Set up metadata of routing\_map and probs.

```python
class nemo_automodel.components.moe.megatron.token_dispatcher._HybridEPManager(
    group: torch.distributed.ProcessGroup,
    num_local_experts: int,
    num_experts: int,
    router_topk: int,
    permute_fusion: bool = False,
    moe_hybridep_num_sms: int = 24
)
```

**Bases:** [\_DispatchManager](#nemo_automodel-components-moe-megatron-token_dispatcher-_DispatchManager)

A manager class to handle fused all-to-all communication processes for MoE models using
HybridEP backend. See [https://github.com/deepseek-ai/DeepEP/tree/hybrid-ep](https://github.com/deepseek-ai/DeepEP/tree/hybrid-ep) for more details.

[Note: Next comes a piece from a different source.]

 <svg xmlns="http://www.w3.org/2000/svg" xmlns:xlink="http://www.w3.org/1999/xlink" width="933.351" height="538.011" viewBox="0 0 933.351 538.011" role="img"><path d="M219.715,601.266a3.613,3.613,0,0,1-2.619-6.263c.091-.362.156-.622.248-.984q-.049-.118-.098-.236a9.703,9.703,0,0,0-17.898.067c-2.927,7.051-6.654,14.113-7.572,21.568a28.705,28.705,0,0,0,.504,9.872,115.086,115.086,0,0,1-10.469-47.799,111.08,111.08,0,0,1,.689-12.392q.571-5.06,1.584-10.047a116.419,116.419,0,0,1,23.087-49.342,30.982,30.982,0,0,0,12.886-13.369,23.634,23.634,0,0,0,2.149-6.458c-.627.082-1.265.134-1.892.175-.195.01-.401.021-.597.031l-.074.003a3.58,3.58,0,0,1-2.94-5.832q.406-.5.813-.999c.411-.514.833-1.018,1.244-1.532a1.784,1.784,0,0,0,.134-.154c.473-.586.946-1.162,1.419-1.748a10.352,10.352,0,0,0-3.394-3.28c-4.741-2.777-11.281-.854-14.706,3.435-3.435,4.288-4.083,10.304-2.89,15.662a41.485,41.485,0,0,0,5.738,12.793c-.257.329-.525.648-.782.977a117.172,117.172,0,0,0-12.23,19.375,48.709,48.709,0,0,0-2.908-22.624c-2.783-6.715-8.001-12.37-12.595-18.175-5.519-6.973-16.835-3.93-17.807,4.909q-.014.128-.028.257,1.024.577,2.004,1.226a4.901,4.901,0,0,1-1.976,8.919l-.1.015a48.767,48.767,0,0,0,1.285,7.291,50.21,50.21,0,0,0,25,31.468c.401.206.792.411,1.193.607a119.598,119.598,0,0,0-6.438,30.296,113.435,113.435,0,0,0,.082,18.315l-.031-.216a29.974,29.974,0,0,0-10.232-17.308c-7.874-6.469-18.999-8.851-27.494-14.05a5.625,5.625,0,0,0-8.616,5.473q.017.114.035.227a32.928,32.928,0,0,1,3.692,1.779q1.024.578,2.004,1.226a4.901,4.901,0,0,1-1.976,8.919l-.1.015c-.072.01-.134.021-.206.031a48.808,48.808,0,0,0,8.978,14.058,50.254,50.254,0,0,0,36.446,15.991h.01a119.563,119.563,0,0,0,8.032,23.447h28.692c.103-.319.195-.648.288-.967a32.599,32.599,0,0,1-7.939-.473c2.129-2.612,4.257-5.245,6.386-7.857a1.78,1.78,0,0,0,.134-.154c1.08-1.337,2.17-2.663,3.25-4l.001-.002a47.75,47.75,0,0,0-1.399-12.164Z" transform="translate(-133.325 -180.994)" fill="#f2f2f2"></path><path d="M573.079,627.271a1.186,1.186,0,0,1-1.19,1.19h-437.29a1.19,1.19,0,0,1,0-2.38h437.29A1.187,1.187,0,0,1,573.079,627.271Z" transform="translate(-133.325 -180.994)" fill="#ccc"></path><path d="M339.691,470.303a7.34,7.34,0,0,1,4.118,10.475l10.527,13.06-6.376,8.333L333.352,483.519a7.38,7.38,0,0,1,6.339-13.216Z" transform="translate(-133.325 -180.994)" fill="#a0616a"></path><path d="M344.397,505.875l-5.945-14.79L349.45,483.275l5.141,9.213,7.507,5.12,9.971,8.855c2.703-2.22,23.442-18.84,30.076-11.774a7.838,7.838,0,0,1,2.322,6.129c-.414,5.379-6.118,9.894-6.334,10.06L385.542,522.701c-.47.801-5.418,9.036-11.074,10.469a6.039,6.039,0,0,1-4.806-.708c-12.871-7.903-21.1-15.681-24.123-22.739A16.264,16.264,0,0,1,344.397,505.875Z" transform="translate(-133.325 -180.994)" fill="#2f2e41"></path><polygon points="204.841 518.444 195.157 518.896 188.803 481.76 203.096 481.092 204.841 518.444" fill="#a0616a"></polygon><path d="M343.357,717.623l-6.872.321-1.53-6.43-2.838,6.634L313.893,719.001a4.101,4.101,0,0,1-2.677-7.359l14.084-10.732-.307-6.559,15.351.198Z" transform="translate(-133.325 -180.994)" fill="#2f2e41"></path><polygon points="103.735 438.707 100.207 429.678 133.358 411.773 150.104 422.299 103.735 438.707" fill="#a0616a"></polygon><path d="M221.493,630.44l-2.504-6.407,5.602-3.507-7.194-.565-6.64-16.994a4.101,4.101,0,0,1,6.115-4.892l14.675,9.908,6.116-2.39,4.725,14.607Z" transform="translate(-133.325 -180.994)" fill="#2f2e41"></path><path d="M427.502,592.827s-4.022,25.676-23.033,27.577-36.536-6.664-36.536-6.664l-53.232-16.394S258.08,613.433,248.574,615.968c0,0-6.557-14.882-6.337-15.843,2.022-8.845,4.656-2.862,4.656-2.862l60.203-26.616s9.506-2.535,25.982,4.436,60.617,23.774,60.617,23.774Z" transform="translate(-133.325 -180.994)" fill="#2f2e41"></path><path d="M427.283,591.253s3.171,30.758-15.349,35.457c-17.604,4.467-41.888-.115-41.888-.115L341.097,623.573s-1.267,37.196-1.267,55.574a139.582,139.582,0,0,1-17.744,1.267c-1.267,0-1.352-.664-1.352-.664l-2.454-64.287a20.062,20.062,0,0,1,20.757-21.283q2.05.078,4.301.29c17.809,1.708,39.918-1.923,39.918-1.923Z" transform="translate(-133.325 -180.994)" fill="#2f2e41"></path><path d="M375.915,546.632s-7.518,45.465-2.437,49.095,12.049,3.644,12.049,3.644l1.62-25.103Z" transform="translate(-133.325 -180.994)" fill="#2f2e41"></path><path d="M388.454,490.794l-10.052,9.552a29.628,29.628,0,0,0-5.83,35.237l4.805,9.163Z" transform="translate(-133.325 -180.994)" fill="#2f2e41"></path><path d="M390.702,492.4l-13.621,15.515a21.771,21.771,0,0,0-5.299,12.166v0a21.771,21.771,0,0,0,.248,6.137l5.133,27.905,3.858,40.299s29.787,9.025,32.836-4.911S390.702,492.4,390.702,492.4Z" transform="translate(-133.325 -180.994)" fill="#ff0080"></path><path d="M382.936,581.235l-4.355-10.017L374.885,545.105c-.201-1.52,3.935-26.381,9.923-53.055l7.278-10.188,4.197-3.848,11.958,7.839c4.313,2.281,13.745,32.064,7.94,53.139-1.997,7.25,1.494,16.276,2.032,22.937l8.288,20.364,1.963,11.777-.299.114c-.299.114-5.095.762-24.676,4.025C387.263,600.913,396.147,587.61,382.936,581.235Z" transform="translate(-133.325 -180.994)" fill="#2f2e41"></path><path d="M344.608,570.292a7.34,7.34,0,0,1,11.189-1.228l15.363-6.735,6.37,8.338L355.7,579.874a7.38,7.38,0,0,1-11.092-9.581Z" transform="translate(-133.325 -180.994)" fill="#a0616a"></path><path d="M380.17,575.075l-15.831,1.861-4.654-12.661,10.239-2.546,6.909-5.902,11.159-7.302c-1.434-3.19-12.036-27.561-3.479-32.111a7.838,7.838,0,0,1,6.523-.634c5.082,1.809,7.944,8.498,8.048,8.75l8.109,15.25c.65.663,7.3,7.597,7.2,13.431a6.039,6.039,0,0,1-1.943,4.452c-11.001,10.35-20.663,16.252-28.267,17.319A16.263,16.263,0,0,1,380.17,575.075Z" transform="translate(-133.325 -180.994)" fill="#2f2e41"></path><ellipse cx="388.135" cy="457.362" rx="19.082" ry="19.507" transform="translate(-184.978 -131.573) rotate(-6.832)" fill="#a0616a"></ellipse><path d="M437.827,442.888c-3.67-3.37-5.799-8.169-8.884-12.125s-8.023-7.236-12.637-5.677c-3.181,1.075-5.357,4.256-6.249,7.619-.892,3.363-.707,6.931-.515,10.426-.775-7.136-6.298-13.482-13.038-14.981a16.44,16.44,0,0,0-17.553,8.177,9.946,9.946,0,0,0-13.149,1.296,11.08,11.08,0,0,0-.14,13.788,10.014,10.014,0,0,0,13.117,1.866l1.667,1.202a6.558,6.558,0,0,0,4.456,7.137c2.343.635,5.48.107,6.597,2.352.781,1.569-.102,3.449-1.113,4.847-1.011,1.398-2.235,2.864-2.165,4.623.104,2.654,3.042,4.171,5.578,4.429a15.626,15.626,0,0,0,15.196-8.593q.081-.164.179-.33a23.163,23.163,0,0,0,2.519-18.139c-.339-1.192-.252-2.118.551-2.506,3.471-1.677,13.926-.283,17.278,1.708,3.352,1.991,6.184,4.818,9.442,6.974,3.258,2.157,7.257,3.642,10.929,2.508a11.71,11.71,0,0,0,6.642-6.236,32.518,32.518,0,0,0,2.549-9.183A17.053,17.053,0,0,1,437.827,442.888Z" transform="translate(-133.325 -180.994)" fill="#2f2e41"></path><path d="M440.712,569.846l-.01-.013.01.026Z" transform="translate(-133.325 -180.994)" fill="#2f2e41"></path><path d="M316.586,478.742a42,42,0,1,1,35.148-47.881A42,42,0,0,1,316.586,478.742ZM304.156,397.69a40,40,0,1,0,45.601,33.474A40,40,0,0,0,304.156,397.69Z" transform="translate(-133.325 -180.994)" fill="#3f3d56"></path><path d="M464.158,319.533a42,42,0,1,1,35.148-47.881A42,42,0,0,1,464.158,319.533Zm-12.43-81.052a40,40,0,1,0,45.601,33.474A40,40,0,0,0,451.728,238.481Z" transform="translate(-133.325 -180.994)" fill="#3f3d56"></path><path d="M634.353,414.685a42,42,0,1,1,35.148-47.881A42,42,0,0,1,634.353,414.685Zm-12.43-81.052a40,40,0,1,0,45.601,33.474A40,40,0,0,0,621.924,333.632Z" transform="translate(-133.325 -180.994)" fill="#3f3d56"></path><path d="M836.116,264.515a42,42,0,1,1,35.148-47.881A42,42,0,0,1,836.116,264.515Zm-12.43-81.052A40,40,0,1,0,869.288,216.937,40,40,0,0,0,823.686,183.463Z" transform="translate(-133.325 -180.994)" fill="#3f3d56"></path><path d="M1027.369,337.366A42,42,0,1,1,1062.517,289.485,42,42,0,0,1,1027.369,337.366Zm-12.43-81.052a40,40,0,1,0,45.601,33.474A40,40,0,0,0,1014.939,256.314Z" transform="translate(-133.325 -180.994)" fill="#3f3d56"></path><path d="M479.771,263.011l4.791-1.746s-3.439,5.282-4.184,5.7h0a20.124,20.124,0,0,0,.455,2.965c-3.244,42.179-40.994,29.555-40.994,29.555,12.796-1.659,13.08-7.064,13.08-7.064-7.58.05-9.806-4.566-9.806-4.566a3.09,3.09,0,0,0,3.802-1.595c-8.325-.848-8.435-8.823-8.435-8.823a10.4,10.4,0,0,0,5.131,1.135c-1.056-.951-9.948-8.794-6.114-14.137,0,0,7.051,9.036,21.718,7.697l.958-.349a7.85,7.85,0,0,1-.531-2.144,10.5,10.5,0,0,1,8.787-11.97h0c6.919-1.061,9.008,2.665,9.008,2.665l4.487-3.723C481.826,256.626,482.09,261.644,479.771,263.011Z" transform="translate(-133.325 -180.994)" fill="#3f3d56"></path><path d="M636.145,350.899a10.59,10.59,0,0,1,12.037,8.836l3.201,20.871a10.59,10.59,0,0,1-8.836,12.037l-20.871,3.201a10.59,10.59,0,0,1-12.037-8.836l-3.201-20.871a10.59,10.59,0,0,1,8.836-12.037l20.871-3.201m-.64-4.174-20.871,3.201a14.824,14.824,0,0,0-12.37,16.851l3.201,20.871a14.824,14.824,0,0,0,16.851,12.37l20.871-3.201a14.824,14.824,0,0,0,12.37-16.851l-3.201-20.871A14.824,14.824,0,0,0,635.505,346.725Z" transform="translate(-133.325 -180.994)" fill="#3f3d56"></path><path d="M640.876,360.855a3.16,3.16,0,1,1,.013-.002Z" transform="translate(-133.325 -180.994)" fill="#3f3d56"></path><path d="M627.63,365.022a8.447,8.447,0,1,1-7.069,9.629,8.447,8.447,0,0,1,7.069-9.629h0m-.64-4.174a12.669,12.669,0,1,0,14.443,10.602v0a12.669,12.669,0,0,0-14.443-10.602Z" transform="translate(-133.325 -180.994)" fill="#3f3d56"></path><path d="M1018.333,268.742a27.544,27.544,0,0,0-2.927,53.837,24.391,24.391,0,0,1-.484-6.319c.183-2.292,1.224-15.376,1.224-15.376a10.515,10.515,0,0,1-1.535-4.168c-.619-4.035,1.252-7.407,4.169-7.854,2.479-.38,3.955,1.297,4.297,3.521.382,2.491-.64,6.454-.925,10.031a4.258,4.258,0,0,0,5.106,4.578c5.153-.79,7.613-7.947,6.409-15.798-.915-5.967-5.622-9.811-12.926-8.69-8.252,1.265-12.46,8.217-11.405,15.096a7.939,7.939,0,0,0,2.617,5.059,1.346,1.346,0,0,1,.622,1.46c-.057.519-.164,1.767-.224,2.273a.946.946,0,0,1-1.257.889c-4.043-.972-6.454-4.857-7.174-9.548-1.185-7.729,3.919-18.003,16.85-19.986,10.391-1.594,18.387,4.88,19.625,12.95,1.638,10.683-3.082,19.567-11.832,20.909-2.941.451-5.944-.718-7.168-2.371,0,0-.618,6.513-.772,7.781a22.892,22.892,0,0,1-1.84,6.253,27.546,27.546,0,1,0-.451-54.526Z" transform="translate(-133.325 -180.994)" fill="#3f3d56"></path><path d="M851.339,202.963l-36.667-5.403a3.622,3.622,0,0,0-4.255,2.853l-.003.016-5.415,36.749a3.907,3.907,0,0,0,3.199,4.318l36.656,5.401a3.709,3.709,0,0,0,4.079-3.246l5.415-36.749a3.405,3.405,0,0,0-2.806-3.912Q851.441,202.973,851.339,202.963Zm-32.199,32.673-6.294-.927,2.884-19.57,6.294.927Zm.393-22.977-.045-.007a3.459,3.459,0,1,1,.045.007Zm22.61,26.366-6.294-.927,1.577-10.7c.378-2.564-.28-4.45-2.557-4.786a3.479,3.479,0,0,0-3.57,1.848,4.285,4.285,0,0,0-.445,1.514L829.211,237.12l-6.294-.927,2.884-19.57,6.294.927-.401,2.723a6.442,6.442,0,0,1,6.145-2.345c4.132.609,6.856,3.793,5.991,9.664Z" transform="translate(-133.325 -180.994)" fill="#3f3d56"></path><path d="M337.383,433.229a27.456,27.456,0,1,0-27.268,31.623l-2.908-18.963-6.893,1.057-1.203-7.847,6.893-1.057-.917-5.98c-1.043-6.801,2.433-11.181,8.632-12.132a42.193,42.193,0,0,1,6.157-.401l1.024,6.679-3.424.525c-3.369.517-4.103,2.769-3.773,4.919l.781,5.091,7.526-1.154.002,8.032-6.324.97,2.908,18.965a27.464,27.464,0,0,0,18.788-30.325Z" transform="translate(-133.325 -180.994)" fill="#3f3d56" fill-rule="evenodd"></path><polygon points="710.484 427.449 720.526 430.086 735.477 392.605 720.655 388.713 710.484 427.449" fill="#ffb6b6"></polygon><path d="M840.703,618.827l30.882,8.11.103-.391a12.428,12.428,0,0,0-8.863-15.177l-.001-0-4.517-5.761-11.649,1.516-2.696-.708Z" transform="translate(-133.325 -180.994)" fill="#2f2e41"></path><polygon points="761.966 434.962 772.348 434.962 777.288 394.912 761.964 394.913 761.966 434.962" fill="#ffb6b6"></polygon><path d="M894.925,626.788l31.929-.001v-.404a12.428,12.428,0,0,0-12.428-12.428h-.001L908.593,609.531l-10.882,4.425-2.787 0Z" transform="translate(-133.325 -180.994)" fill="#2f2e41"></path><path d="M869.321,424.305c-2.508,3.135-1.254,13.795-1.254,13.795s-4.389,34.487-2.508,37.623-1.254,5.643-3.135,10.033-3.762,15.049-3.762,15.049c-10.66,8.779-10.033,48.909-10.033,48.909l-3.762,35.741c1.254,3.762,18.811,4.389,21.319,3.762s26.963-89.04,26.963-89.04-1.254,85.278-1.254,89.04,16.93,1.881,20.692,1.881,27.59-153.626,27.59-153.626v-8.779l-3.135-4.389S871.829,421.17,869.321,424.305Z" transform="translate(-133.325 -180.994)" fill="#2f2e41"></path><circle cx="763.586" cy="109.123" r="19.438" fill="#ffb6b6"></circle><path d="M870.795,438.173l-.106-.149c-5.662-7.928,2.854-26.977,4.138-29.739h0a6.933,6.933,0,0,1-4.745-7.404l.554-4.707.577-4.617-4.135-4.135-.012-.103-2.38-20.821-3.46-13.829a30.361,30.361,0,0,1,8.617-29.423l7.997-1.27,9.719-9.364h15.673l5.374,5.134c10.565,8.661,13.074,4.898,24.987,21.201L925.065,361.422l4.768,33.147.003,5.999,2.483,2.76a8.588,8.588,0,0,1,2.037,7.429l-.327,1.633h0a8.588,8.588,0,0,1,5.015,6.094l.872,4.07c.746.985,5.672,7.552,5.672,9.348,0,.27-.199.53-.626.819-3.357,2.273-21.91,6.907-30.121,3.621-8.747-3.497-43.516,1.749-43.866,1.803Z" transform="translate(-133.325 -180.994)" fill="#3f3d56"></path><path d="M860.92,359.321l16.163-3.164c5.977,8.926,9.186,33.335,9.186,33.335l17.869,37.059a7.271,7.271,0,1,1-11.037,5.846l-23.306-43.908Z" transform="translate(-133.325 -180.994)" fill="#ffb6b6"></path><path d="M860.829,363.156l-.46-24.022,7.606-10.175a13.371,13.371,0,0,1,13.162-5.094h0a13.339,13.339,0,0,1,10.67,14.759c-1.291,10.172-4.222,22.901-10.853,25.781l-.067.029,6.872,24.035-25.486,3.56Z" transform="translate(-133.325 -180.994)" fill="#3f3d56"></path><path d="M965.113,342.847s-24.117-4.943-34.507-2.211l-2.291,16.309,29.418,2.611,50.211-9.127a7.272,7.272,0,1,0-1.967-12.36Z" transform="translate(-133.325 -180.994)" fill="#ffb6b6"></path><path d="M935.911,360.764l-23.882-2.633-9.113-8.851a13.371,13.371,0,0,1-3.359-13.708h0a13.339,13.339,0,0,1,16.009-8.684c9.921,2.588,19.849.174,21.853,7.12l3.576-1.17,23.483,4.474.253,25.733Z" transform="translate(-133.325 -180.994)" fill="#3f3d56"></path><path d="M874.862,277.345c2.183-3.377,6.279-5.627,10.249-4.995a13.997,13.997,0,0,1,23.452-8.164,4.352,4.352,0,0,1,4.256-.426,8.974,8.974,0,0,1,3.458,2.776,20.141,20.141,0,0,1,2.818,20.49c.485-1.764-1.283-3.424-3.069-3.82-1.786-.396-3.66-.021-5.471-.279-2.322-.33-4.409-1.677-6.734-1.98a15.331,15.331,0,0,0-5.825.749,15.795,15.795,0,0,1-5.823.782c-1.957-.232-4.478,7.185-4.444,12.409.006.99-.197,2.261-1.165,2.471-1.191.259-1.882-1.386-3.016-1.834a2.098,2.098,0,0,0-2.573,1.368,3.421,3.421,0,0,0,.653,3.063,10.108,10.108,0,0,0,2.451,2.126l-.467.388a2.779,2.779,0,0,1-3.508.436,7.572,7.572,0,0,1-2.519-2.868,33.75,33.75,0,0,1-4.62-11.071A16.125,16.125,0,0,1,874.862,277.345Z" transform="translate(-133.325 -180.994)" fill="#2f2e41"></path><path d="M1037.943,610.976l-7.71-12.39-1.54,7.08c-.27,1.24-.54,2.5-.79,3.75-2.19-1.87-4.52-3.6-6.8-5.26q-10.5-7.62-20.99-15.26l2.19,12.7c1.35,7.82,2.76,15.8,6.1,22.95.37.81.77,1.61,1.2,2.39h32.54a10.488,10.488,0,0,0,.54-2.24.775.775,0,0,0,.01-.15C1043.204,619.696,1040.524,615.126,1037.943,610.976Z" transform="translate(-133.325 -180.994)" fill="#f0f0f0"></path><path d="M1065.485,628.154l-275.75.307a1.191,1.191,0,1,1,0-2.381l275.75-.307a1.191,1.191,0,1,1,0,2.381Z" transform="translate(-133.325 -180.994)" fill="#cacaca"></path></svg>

The workflow of the HybridEP dispatcher is:
(1) setup\_metadata(): Process routing map and probabilities to prepare dispatch metadata
(2) dispatch():

* Permute tokens for communication, perform all-to-all communication,
  and permute tokens for experts in single step
  (3) combine():
* Unpermute tokens for communication, perform all-to-all communication,
  and unpermute tokens for attention in single step

```python
nemo_automodel.components.moe.megatron.token_dispatcher._HybridEPManager._indices_to_multihot(
    indices: torch.Tensor,
    probs: torch.Tensor
)
```

Converts a tensor of indices to a multihot vector.

```python
nemo_automodel.components.moe.megatron.token_dispatcher._HybridEPManager.combine(
    hidden_states: torch.Tensor,
    async_finish: bool = True,
    allocate_on_comm_stream: bool = True
) -> torch.Tensor
```

```python
nemo_automodel.components.moe.megatron.token_dispatcher._HybridEPManager.dispatch(
    hidden_states: torch.Tensor,
    async_finish: bool = True,
    allocate_on_comm_stream: bool = True
) -> torch.Tensor
```

```python
nemo_automodel.components.moe.megatron.token_dispatcher._HybridEPManager.get_dispatched_metadata() -> torch.Tensor
```

```python
nemo_automodel.components.moe.megatron.token_dispatcher._HybridEPManager.get_number_of_tokens_per_expert() -> torch.Tensor
```

```python
nemo_automodel.components.moe.megatron.token_dispatcher._HybridEPManager.get_permuted_hidden_states_by_experts(
    hidden_states: torch.Tensor
) -> torch.Tensor
```

```python
nemo_automodel.components.moe.megatron.token_dispatcher._HybridEPManager.get_restored_hidden_states_by_experts(
    hidden_states: torch.Tensor
) -> torch.Tensor
```

```python
nemo_automodel.components.moe.megatron.token_dispatcher._HybridEPManager.setup_metadata(
    routing_map: torch.Tensor,
    probs: torch.Tensor
)
```

Process routing map and probabilities to prepare dispatch metadata.

```python
nemo_automodel.components.moe.megatron.token_dispatcher._HybridEPManager.setup_metadata_from_indices(
    token_indices: torch.Tensor,
    token_probs: torch.Tensor
)
```

Convert from topk indices format to multihot routing\_map format.